Le plus immédiat de ces dangers était cette guerre du Péloponnèse que perpétuait l'égoïste ambition des démagogues. Aussi Aristophane y revient-il sans cesse.
La comédie intitulée _la Paix_ présente sous une nouvelle forme la même idée que la pièce des _Acharnéens_: il faut mettre fin à cette funeste guerre. Mais l'imagination du poëte sait créer des allégories variées, pour ne point lasser le public. Quoique le sujet soit le même au fond, vous allez voir que les deux pièces ne se ressemblent guère.

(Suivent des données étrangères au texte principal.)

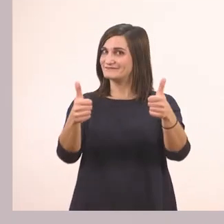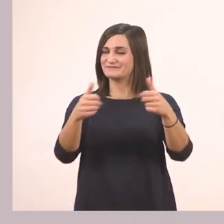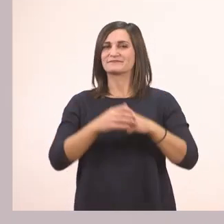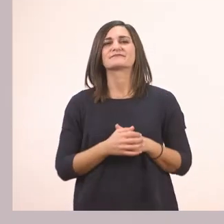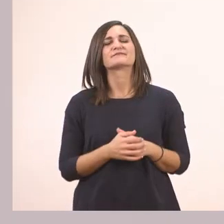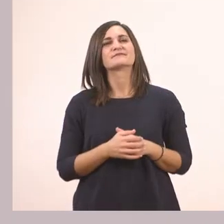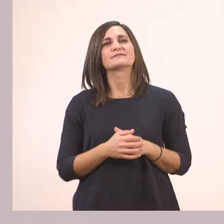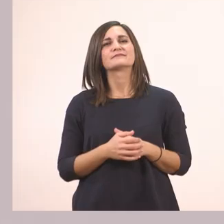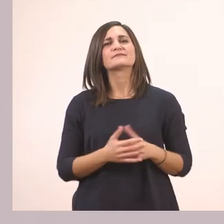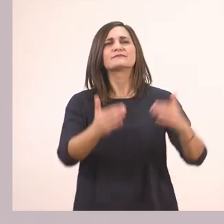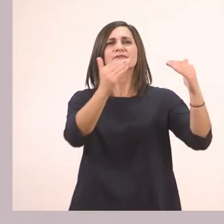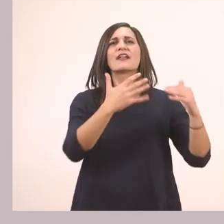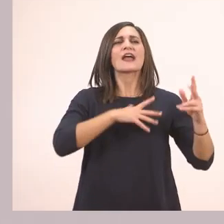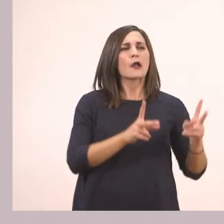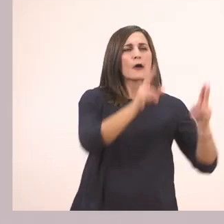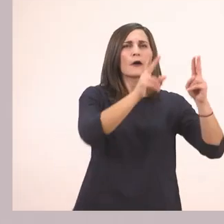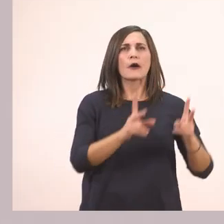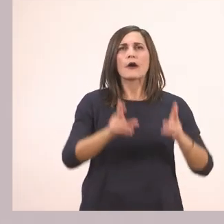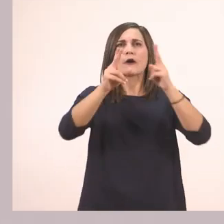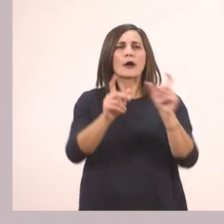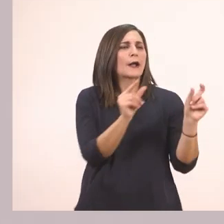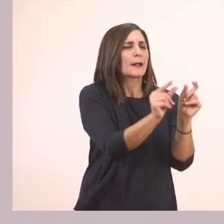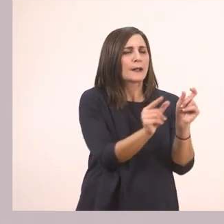Για να τη χωρίσουμε με παλαμάκια σε φωνούλες. Πάμε μαζί;
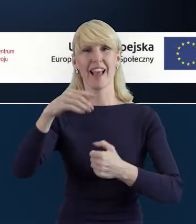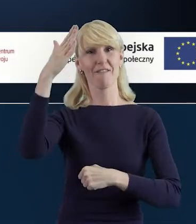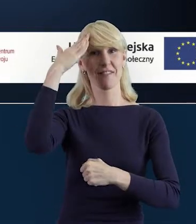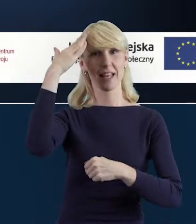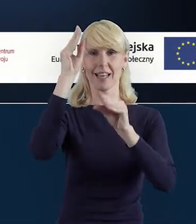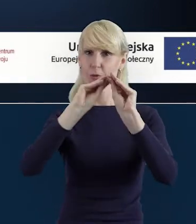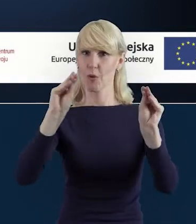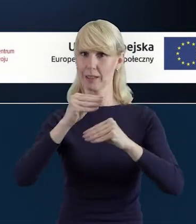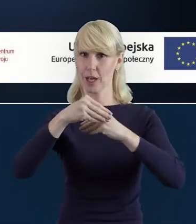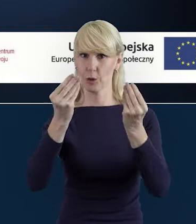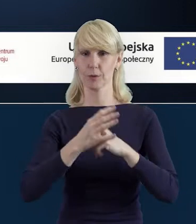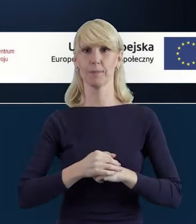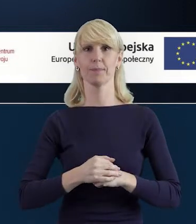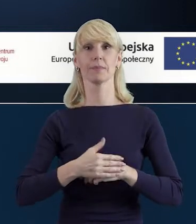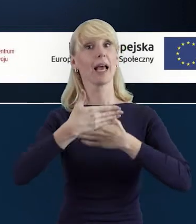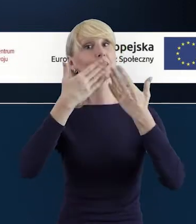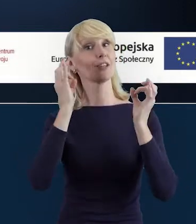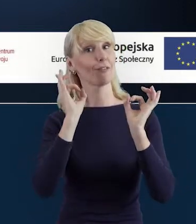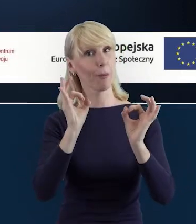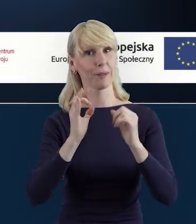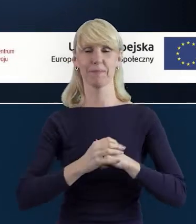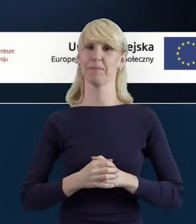Dzień dobry, Magdo. Dzień dobry, Doroto.

Une didascalie[21] nouvellement découverte établit d'une manière authentique que _la Paix_ fut représentée aux grandes Dionysies de l'année 421; cette pièce fut donc montée peu de temps avant la conclusion de la paix appelée de Nicias, qui mit un terme à la première partie de la guerre du Péloponnèse et qui devait, de l'aveu de tout le monde, finir à jamais cette guerre désastreuse des États grecs.
Le sujet de _la Paix_ est au fond le même que celui des _Acharnéens_; seulement la paix qui dans cette dernière pièce n'est que le vœu d'un individu, est ici l'objet des désirs de tout le monde: dans _les Acharnéens_, le chœur était contraire à la paix; dans _la Paix_, il se compose de paysans de l'Attique et de Grecs de toutes les contrées, regrettant tous vivement la paix[22]. Mais la comédie des _Acharnéens_ est bien supérieure en intérêt dramatique à celle qui a pour titre: _la Paix_. Celle-ci manque d'unité et de vigueur.
Il y aurait à rapprocher de ces deux comédies d'Aristophane contre la guerre, tant de pages ironiques et éloquentes de Rabelais, de Montaigne, de Johnson, de La Bruyère, de Voltaire, d'Erckmann-Chatrian, pages que l'on pourrait appeler l'honneur de la raison et de l'humanité, mais qui n'ont fait jusqu'à présent triompher ni l'une ni l'autre.